Task instructions:
Repeat the listing below exactly. Pictures do not belong in the copy.
== Entries shown ==
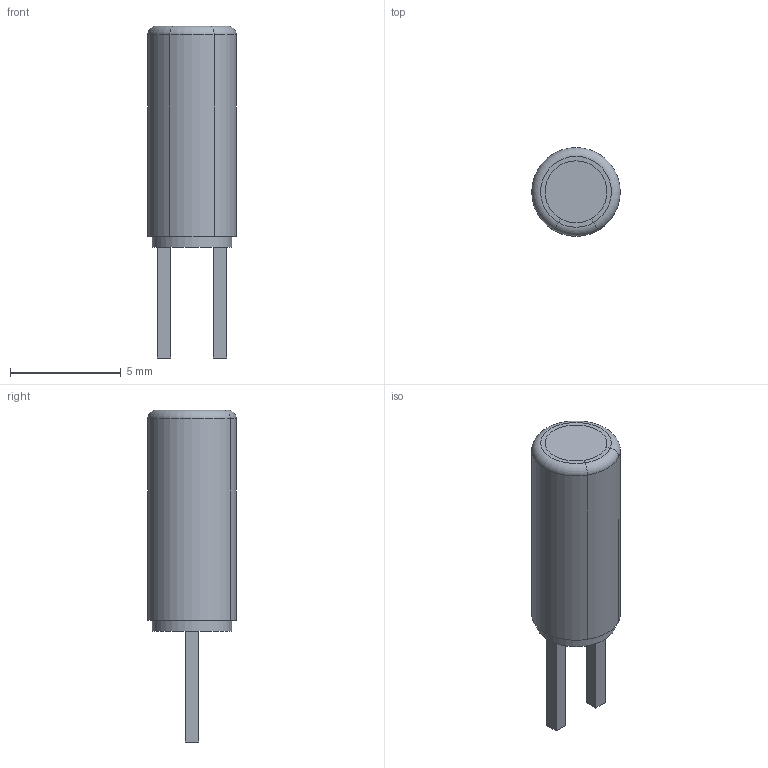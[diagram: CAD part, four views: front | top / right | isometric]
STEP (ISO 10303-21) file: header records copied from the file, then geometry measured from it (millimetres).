
FILE_DESCRIPTION(('FreeCAD Model'),'2;1');
FILE_NAME('Capacitor_4x10mm.step','2021-01-25T23:05:24',('Author'),(''), 'Open CASCADE STEP processor 7.3','FreeCAD','Unknown');
FILE_SCHEMA(('AUTOMOTIVE_DESIGN { 1 0 10303 214 1 1 1 1 }'));
Length unit declared in the file: millimetre
Products named in the file (1): Capacitor_4x10mm
Bounding box: 4 x 4 x 15 mm (x, y, z)
Volume: 127.7 mm3; surface area: 383.5 mm2
Topology: 6 solids, 6 shells, 32 faces, 60 edges, 40 vertices
Faces by surface type: plane 24, cylinder 6, torus 2
Full cylindrical faces by diameter (mm): 2.8 x1, 3.6 x1
Entity records: 1825 total; most frequent: CARTESIAN_POINT 283, DIRECTION 259, LINE 146, VECTOR 146, ORIENTED_EDGE 120, PCURVE 120, DEFINITIONAL_REPRESENTATION 120, EDGE_CURVE 60
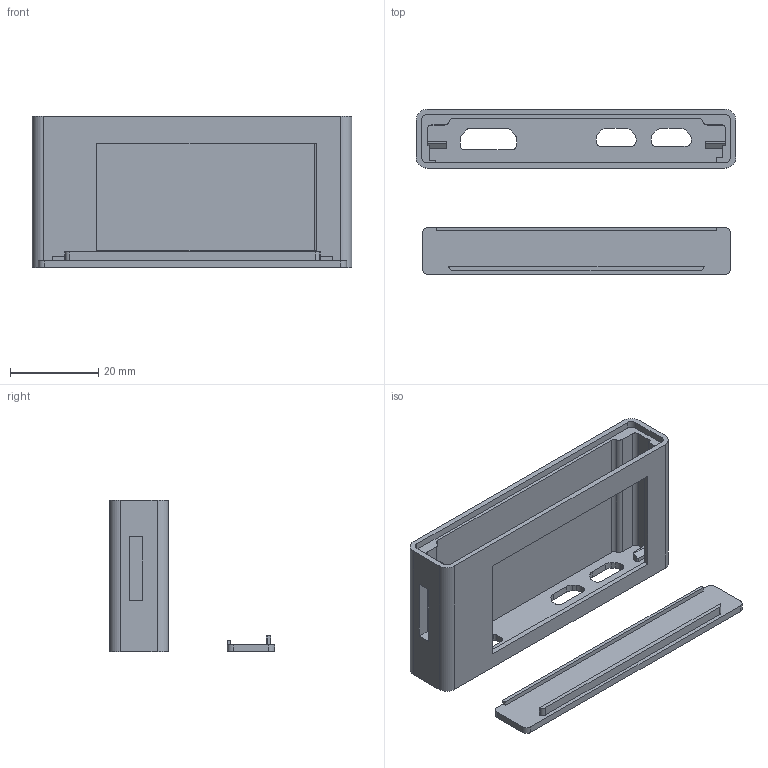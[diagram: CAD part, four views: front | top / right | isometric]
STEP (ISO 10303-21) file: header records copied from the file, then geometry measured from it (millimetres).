
FILE_DESCRIPTION(/* description */ (''),/* implementation_level */ '2;1');
FILE_NAME(/* name */ 'pwnagotchi-waveshare-slim.step',/* time_stamp */ '2019-11-13T15:13:52+07:00',/* author */ (''),/* organization */ (''),/* preprocessor_version */ 'ST-DEVELOPER v18',/* originating_system */ 'Autodesk Translation Framework v8.9.1.1155',/* authorisation */ '');
FILE_SCHEMA (('AUTOMOTIVE_DESIGN { 1 0 10303 214 3 1 1 }'));
Length unit declared in the file: millimetre
Products named in the file (3): Pwnagotchi Mk. 2; Lid Slim; Case WS Slim
Assembly tree (2 placements, depth 2):
  Pwnagotchi Mk. 2
    Lid Slim
    Case WS Slim
Bounding box: 72.49 x 37.46 x 34.34 mm (x, y, z)
Volume: 10724.6 mm3; surface area: 12460.8 mm2
Topology: 2 solids, 2 shells, 118 faces, 339 edges, 226 vertices
Faces by surface type: plane 74, cylinder 44
Entity records: 3985 total; most frequent: CARTESIAN_POINT 688, ORIENTED_EDGE 678, DIRECTION 675, EDGE_CURVE 339, LINE 249, VECTOR 249, VERTEX_POINT 226, AXIS2_PLACEMENT_3D 213
===
Solved problem:
[diagram: CAD part, four views: front | top / right | isometric]
STEP (ISO 10303-21) file: header records copied from the file, then geometry measured from it (millimetres).
FILE_DESCRIPTION(('FreeCAD Model'),'2;1');
FILE_NAME('Capacitor_4x10mm.step','2021-01-25T23:05:24',('Author'),(''), 'Open CASCADE STEP processor 7.3','FreeCAD','Unknown');
FILE_SCHEMA(('AUTOMOTIVE_DESIGN { 1 0 10303 214 1 1 1 1 }'));
Length unit declared in the file: millimetre
Products named in the file (1): Capacitor_4x10mm
Bounding box: 4 x 4 x 15 mm (x, y, z)
Volume: 127.7 mm3; surface area: 383.5 mm2
Topology: 6 solids, 6 shells, 32 faces, 60 edges, 40 vertices
Faces by surface type: plane 24, cylinder 6, torus 2
Full cylindrical faces by diameter (mm): 2.8 x1, 3.6 x1
Entity records: 1825 total; most frequent: CARTESIAN_POINT 283, DIRECTION 259, LINE 146, VECTOR 146, ORIENTED_EDGE 120, PCURVE 120, DEFINITIONAL_REPRESENTATION 120, EDGE_CURVE 60
[diagram: CAD part, four views: front | top / right | isometric]
STEP (ISO 10303-21) file: header records copied from the file, then geometry measured from it (millimetres).
FILE_DESCRIPTION(/* description */ (''),/* implementation_level */ '2;1');
FILE_NAME(/* name */ 'pwnagotchi-waveshare-slim.step',/* time_stamp */ '2019-11-13T15:13:52+07:00',/* author */ (''),/* organization */ (''),/* preprocessor_version */ 'ST-DEVELOPER v18',/* originating_system */ 'Autodesk Translation Framework v8.9.1.1155',/* authorisation */ '');
FILE_SCHEMA (('AUTOMOTIVE_DESIGN { 1 0 10303 214 3 1 1 }'));
Length unit declared in the file: millimetre
Products named in the file (3): Pwnagotchi Mk. 2; Lid Slim; Case WS Slim
Assembly tree (2 placements, depth 2):
  Pwnagotchi Mk. 2
    Lid Slim
    Case WS Slim
Bounding box: 72.49 x 37.46 x 34.34 mm (x, y, z)
Volume: 10724.6 mm3; surface area: 12460.8 mm2
Topology: 2 solids, 2 shells, 118 faces, 339 edges, 226 vertices
Faces by surface type: plane 74, cylinder 44
Entity records: 3985 total; most frequent: CARTESIAN_POINT 688, ORIENTED_EDGE 678, DIRECTION 675, EDGE_CURVE 339, LINE 249, VECTOR 249, VERTEX_POINT 226, AXIS2_PLACEMENT_3D 213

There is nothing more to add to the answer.